首先这里PreTrainedTokenizer必须调用的是is_fast函数的内容，因为这里的is_fast被标注为@property

@property
def is_fast(self) -> bool:
	return False

这里不知道为何调用is_fast函数的内容，猜想这里的is_fast函数内容是函数初始化进行调用的

self.pad_to_multiple_of = None

这里调用的是PreTrainedTokenizer.pad,同时从tokenization_utils_base之中能够调用出PreTrainedTokenizerBase之中的pad函数

batch = 
{'input_ids':tensor(
[[101,169,...102],
 ........................
 [101,169,...102]])
 'attention_mask':tensor(
 [[1,1,...1,1]                   
  ...............
  [1,1,...1,1]]
 )

这里先总览一下对应的batch内容

batch = 
        {'input_ids': tensor([[  101,   169,   107,  ...,   100,   100,   102],
        [  101,   169,   107,  ...,   100,   100,   102],
        [  101,   169,   107,  ...,   107, 10539,   102],
        ...,
        [  101,   169,   107,  ...,   131,   107,   102],
        [  101,   169,   103,  ...,   100,   124,   102],
        [  101,   169,   107,  ...,   171,   117,   102]]), 'attention_mask': tensor([[1, 1, 1,  ..., 1, 1, 1],
        [1, 1, 1,  ..., 1, 1, 1],
        [1, 1, 1,  ..., 1, 1, 1],
        ...,
        [1, 1, 1,  ..., 1, 1, 1],
        [1, 1, 1,  ..., 1, 1, 1],
        [1, 1, 1,  ..., 1, 1, 1]]), 'labels': tensor([[-100, -100, -100,  ..., -100, -100, -100],
        [-100, -100, -100,  ..., -100, -100, -100],
        [-100, -100, -100,  ..., -100, -100, -100],
        ...,
        [-100, -100, -100,  ..., -100, -100, -100],
        [-100, -100,  107,  ..., -100, -100, -100],
        [-100, -100,  107,  ..., -100, -100, -100]])}

然后应该是这波数据进入model之中进行训练
发现这里输入的预训练的内容仍然为：

sequence_output = outputs[0]
prediction_scores = self.cls(sequence_output)
#prediction_scores = torch.Size([32,90,21128])
outputs = (prediction_scores,) + outputs[2:]  
#outputs[0].shape = torch.Size([32,90,21128])
masked_lm_labels = None
 if labels is not None:
     loss_fct = CrossEntropyLoss()  # -100 index = padding token
     #prediction_scores = ([32,90,21128])
     #prediction_scores.view = ([2880,21128])
     #labels.view(-1) = ([2880])
     #labels.view = tensor([-100,-100,...,117,-100,-100],device='cuda:0')
     masked_lm_loss = loss_fct(prediction_scores.view(-1, self.config.vocab_size), labels.view(-1))
     outputs = (masked_lm_loss,) + outputs
 return outputs  # (ltr_lm_loss), (masked_lm_loss), prediction_scores, (hidden_states), (attentions)
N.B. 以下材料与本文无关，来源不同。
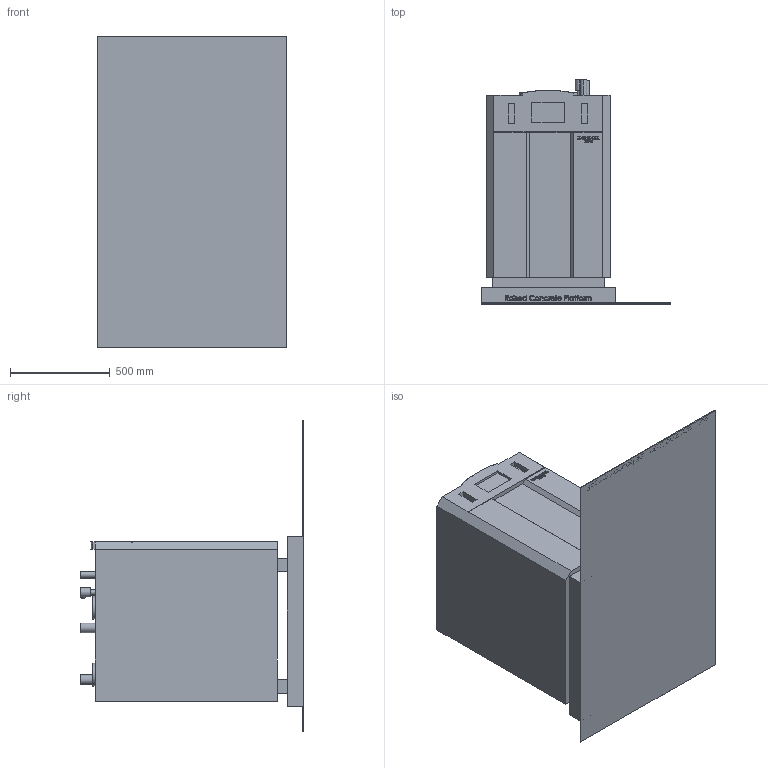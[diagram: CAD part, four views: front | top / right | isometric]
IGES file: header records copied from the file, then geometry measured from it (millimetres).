
Start section: SolidWorks IGES file using analytic representation for surfaces
Global section: file name: NeoTherm 399.IGS; native system: SolidWorks 2017; preprocessor: SolidWorks 2017; author: hturner; date: 180731.104116; units: inch
Bounding box: 952.5 x 1123.95 x 1562.1 mm (x, y, z)
Surface area: 6898001.8 mm2 (no closed solid volume)
Topology: 0 solids, 0 shells, 1050 faces, 16995 edges, 16995 vertices
Faces by surface type: bspline 1030, revolution 20
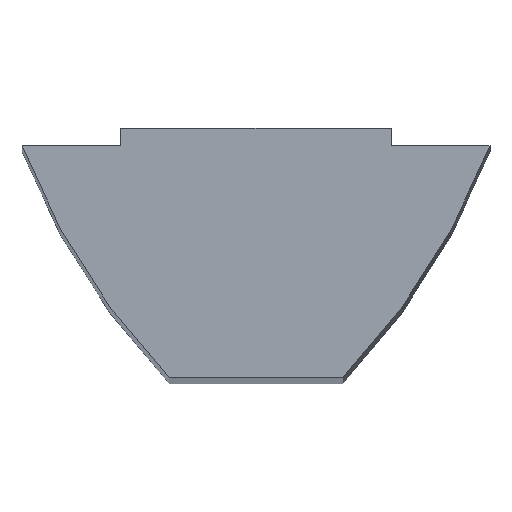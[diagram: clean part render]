
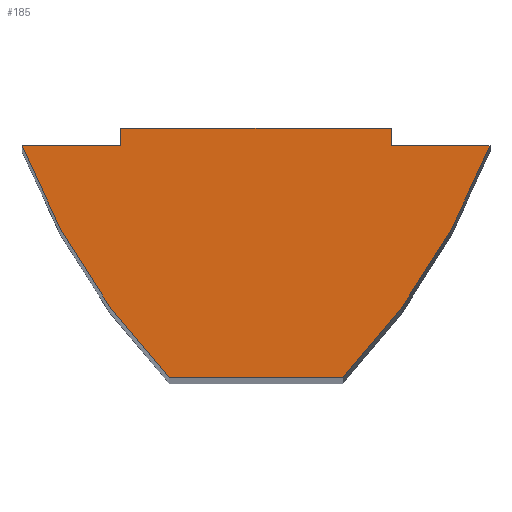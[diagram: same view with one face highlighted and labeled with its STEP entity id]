
A CAD part, top view. The second image highlights one B-rep face of the part: STEP entity #185.
In plain terms, the highlighted planar face has unit normal (0, 0, 1).
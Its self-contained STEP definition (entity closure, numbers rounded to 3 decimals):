
#15=CIRCLE('',#209,20.012);
#17=CIRCLE('',#217,20.012);
#29=FACE_OUTER_BOUND('',#39,.T.);
#39=EDGE_LOOP('',(#153,#154,#155,#156,#157,#158,#159,#160));
#41=LINE('',#275,#61);
#46=LINE('',#289,#66);
#49=LINE('',#295,#69);
#52=LINE('',#301,#72);
#55=LINE('',#307,#75);
#58=LINE('',#313,#78);
#61=VECTOR('',#225,10.);
#66=VECTOR('',#238,10.);
#69=VECTOR('',#243,10.);
#72=VECTOR('',#248,10.);
#75=VECTOR('',#253,10.);
#78=VECTOR('',#258,10.);
#81=VERTEX_POINT('',#273);
#82=VERTEX_POINT('',#274);
#85=VERTEX_POINT('',#282);
#87=VERTEX_POINT('',#288);
#89=VERTEX_POINT('',#294);
#91=VERTEX_POINT('',#300);
#93=VERTEX_POINT('',#306);
#95=VERTEX_POINT('',#312);
#97=EDGE_CURVE('',#81,#82,#41,.T.);
#101=EDGE_CURVE('',#82,#85,#15,.T.);
#104=EDGE_CURVE('',#85,#87,#46,.T.);
#107=EDGE_CURVE('',#87,#89,#49,.T.);
#110=EDGE_CURVE('',#89,#91,#52,.T.);
#113=EDGE_CURVE('',#91,#93,#55,.T.);
#116=EDGE_CURVE('',#93,#95,#58,.T.);
#119=EDGE_CURVE('',#95,#81,#17,.T.);
#153=ORIENTED_EDGE('',*,*,#110,.F.);
#154=ORIENTED_EDGE('',*,*,#107,.F.);
#155=ORIENTED_EDGE('',*,*,#104,.F.);
#156=ORIENTED_EDGE('',*,*,#101,.F.);
#157=ORIENTED_EDGE('',*,*,#97,.F.);
#158=ORIENTED_EDGE('',*,*,#119,.F.);
#159=ORIENTED_EDGE('',*,*,#116,.F.);
#160=ORIENTED_EDGE('',*,*,#113,.F.);
#175=PLANE('',#219);
#185=ADVANCED_FACE('',(#29),#175,.T.);
#209=AXIS2_PLACEMENT_3D('',#283,#231,#232);
#217=AXIS2_PLACEMENT_3D('',#318,#263,#264);
#219=AXIS2_PLACEMENT_3D('',#320,#267,#268);
#225=DIRECTION('',(-1.,0.,0.));
#231=DIRECTION('center_axis',(0.,0.,-1.));
#232=DIRECTION('ref_axis',(-0.934,-0.358,0.));
#238=DIRECTION('',(1.,0.,0.));
#243=DIRECTION('',(0.,1.,0.));
#248=DIRECTION('',(1.,0.,0.));
#253=DIRECTION('',(0.,-1.,0.));
#258=DIRECTION('',(1.,0.,0.));
#263=DIRECTION('center_axis',(0.,0.,-1.));
#264=DIRECTION('ref_axis',(0.721,-0.692,0.));
#267=DIRECTION('center_axis',(0.,0.,1.));
#268=DIRECTION('ref_axis',(1.,0.,0.));
#273=CARTESIAN_POINT('',(2.5,-6.7,100.));
#274=CARTESIAN_POINT('',(-2.5,-6.7,100.));
#275=CARTESIAN_POINT('',(1.25,-6.7,100.));
#282=CARTESIAN_POINT('',(-6.75,0.,100.));
#283=CARTESIAN_POINT('Origin',(11.939,7.157,100.));
#288=CARTESIAN_POINT('',(-3.9,0.,100.));
#289=CARTESIAN_POINT('',(-3.375,0.,100.));
#294=CARTESIAN_POINT('',(-3.9,0.5,100.));
#295=CARTESIAN_POINT('',(-3.9,-1.55,100.));
#300=CARTESIAN_POINT('',(3.9,0.5,100.));
#301=CARTESIAN_POINT('',(-1.95,0.5,100.));
#306=CARTESIAN_POINT('',(3.9,0.,100.));
#307=CARTESIAN_POINT('',(3.9,-1.3,100.));
#312=CARTESIAN_POINT('',(6.75,0.,100.));
#313=CARTESIAN_POINT('',(1.95,0.,100.));
#318=CARTESIAN_POINT('Origin',(-11.939,7.157,100.));
#320=CARTESIAN_POINT('Origin',(0.,-3.1,100.));
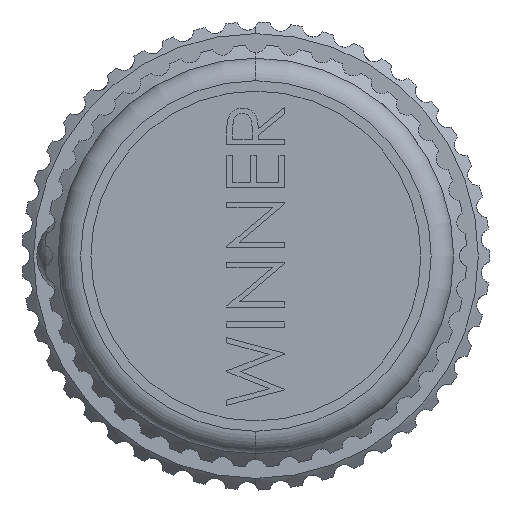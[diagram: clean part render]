
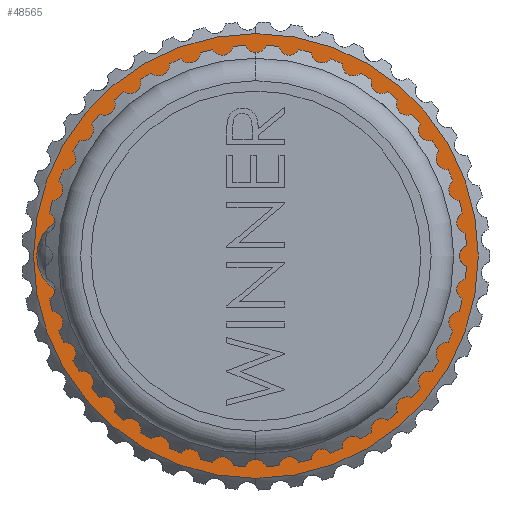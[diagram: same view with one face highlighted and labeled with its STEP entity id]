
A CAD part, left-side view. The second image highlights one B-rep face of the part: STEP entity #48565.
In plain terms, the highlighted planar face has unit normal (-1, 0, 0).
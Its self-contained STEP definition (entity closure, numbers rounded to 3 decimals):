
#51 = CIRCLE ( 'NONE', #12093, 15.3 ) ;
#1196 = CIRCLE ( 'NONE', #46886, 8.56 ) ;
#2935 = ORIENTED_EDGE ( 'NONE', *, *, #27160, .F. ) ;
#3108 = DIRECTION ( 'NONE',  ( -1., 0., 0. ) ) ;
#3409 = DIRECTION ( 'NONE',  ( -1., 0., 0. ) ) ;
#4067 = EDGE_LOOP ( 'NONE', ( #2935, #28950 ) ) ;
#4200 = DIRECTION ( 'NONE',  ( 0., 0., 1. ) ) ;
#7818 = CARTESIAN_POINT ( 'NONE',  ( -7.9, 0., 15.3 ) ) ;
#8380 = VERTEX_POINT ( 'NONE', #7818 ) ;
#10143 = VERTEX_POINT ( 'NONE', #41146 ) ;
#12093 = AXIS2_PLACEMENT_3D ( 'NONE', #18493, #43466, #23469 ) ;
#13319 = VERTEX_POINT ( 'NONE', #54814 ) ;
#14432 = CIRCLE ( 'NONE', #37927, 15.3 ) ;
#18426 = DIRECTION ( 'NONE',  ( 0., 0., 1. ) ) ;
#18493 = CARTESIAN_POINT ( 'NONE',  ( -7.9, 0., 0. ) ) ;
#22863 = CARTESIAN_POINT ( 'NONE',  ( -7.9, 0., 0. ) ) ;
#23469 = DIRECTION ( 'NONE',  ( 0., 0., 1. ) ) ;
#24008 = VERTEX_POINT ( 'NONE', #29894 ) ;
#24914 = FACE_OUTER_BOUND ( 'NONE', #26451, .T. ) ;
#26451 = EDGE_LOOP ( 'NONE', ( #58544, #43528 ) ) ;
#26463 = FACE_BOUND ( 'NONE', #4067, .T. ) ;
#27160 = EDGE_CURVE ( 'NONE', #24008, #13319, #1196, .T. ) ;
#27813 = DIRECTION ( 'NONE',  ( 0., 0., 1. ) ) ;
#28003 = DIRECTION ( 'NONE',  ( 0., 0., 1. ) ) ;
#28950 = ORIENTED_EDGE ( 'NONE', *, *, #54445, .F. ) ;
#29894 = CARTESIAN_POINT ( 'NONE',  ( -7.9, 0., 8.56 ) ) ;
#32967 = CARTESIAN_POINT ( 'NONE',  ( -7.9, 0., 0. ) ) ;
#37927 = AXIS2_PLACEMENT_3D ( 'NONE', #39324, #54005, #4200 ) ;
#39216 = AXIS2_PLACEMENT_3D ( 'NONE', #32967, #3409, #28003 ) ;
#39324 = CARTESIAN_POINT ( 'NONE',  ( -7.9, 0., 0. ) ) ;
#39687 = CIRCLE ( 'NONE', #39216, 8.56 ) ;
#41146 = CARTESIAN_POINT ( 'NONE',  ( -7.9, 0., -15.3 ) ) ;
#42984 = CARTESIAN_POINT ( 'NONE',  ( -7.9, 0., 0. ) ) ;
#43466 = DIRECTION ( 'NONE',  ( -1., 0., 0. ) ) ;
#43528 = ORIENTED_EDGE ( 'NONE', *, *, #59386, .T. ) ;
#46886 = AXIS2_PLACEMENT_3D ( 'NONE', #42984, #3108, #18426 ) ;
#47206 = PLANE ( 'NONE',  #58147 ) ;
#48565 = ADVANCED_FACE ( 'NONE', ( #26463, #24914 ), #47206, .T. ) ;
#50007 = EDGE_CURVE ( 'NONE', #10143, #8380, #14432, .T. ) ;
#54005 = DIRECTION ( 'NONE',  ( -1., 0., 0. ) ) ;
#54445 = EDGE_CURVE ( 'NONE', #13319, #24008, #39687, .T. ) ;
#54814 = CARTESIAN_POINT ( 'NONE',  ( -7.9, 0., -8.56 ) ) ;
#57342 = DIRECTION ( 'NONE',  ( -1., 0., 0. ) ) ;
#58147 = AXIS2_PLACEMENT_3D ( 'NONE', #22863, #57342, #27813 ) ;
#58544 = ORIENTED_EDGE ( 'NONE', *, *, #50007, .T. ) ;
#59386 = EDGE_CURVE ( 'NONE', #8380, #10143, #51, .T. ) ;
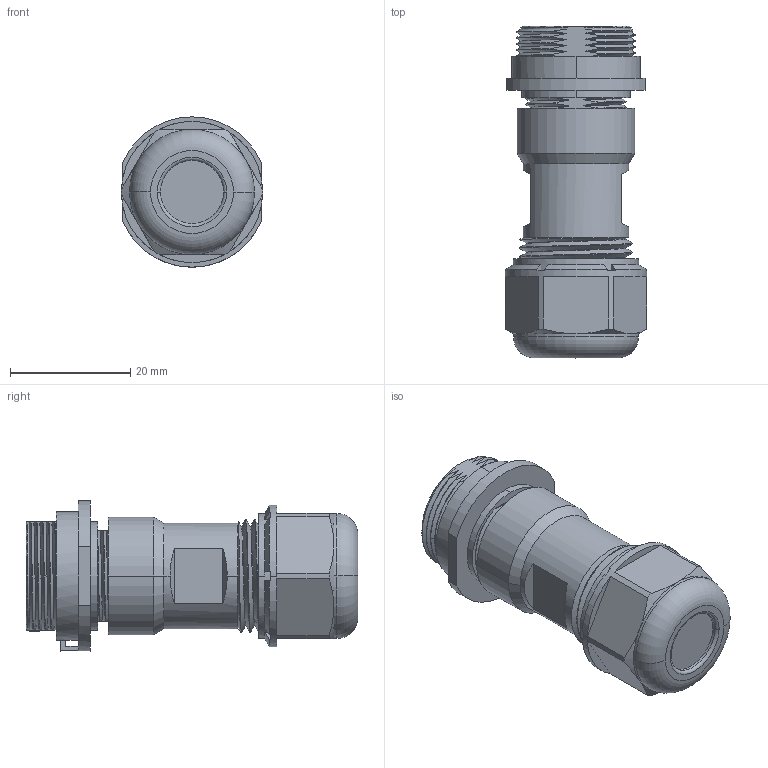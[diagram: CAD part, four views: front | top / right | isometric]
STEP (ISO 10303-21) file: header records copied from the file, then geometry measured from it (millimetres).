
FILE_DESCRIPTION((''),'2;1');
FILE_NAME('PRT0001','2022-05-26T',('Administrator'),(''),'CREO PARAMETRIC BY PTC INC, 2016130','CREO PARAMETRIC BY PTC INC, 2016130','');
FILE_SCHEMA(('AUTOMOTIVE_DESIGN { 1 0 10303 214 1 1 1 1 }'));
Length unit declared in the file: millimetre
Products named in the file (1): PRT0001
Bounding box: 23.5 x 55.2 x 25 mm (x, y, z)
Volume: 15801.7 mm3; surface area: 6126.8 mm2
Topology: 1 solids, 1 shells, 202 faces, 556 edges, 365 vertices
Faces by surface type: plane 77, cylinder 57, bspline 39, cone 23, torus 6
Entity records: 9597 total; most frequent: CARTESIAN_POINT 4730, ORIENTED_EDGE 1112, DIRECTION 836, EDGE_CURVE 556, VERTEX_POINT 365, AXIS2_PLACEMENT_3D 306, VECTOR 224, LINE 224
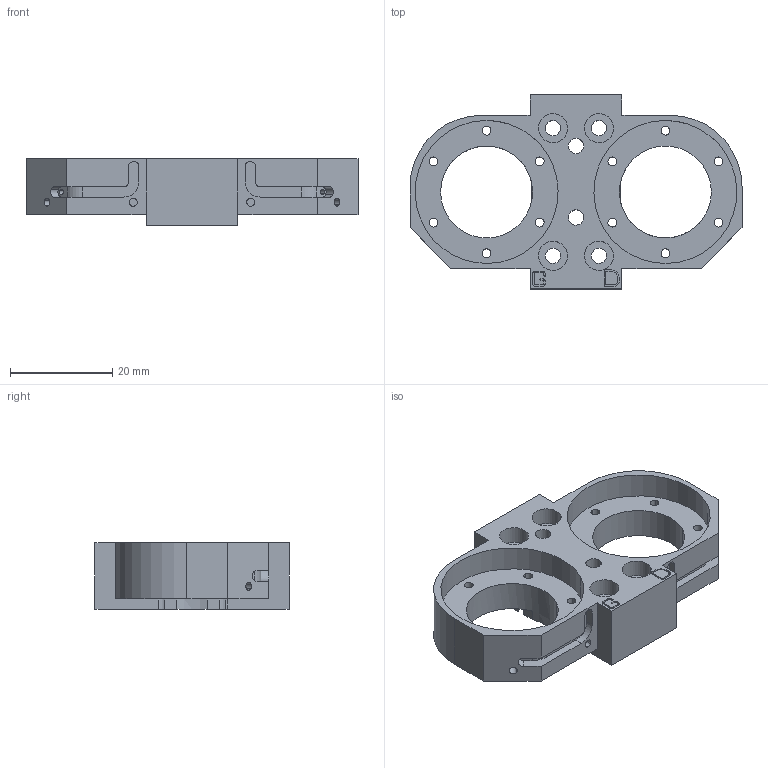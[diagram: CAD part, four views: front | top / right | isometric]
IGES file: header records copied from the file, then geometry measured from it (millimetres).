
Start section: START RECORD GO HERE.
Global section: file name: Monture des miroirs.igs; native system: IBM CATIA IGES - CATIA Version 5 Release 14 ; preprocessor: CATIA Version 5 Release 14 ; author: pmalc; organization: SROC-3; date: 20050127.171911; units: millimetre
Bounding box: 65 x 38 x 13 mm (x, y, z)
Surface area: 8324.1 mm2 (no closed solid volume)
Topology: 0 solids, 0 shells, 207 faces, 1152 edges, 1152 vertices
Faces by surface type: revolution 122, plane 85

最后阅读一波关于在预训练之中使用的损失函数的代码内容

        outputs = self.bert(
            input_ids,
            attention_mask=attention_mask,
            token_type_ids=token_type_ids,
            head_mask=head_mask,
            inputs_embeds=inputs_embeds,
            encoder_hidden_states=encoder_hidden_states,
            encoder_attention_mask=encoder_attention_mask,
        )
        sequence_output = outputs[0]
        prediction_scores = self.cls(sequence_output)
        outputs = (prediction_scores,) + outputs[2:] 
        masked_lm_labels = None
        if labels is not None:
            loss_fct = CrossEntropyLoss()  # -100 index = padding token
            masked_lm_loss = loss_fct(prediction_scores.view(-1, self.config.vocab_size), labels.view(-1))
            outputs = (masked_lm_loss,) + outputs

这里的self.bert的内容为NeZhaModel的内容(带有cls网络层)，接着调用的内容为

prediction_scores = self.cls(sequence_output)

这里调用的网络层内容为

self.cls = BertOnlyMLMHead(config)

进入到BertOnlyMLMHead(config)网络层之中查看调用过程

class BertOnlyMLMHead(nn.Module):
    def __init__(self, config):
        super().__init__()
        self.predictions = BertLMPredictionHead(config)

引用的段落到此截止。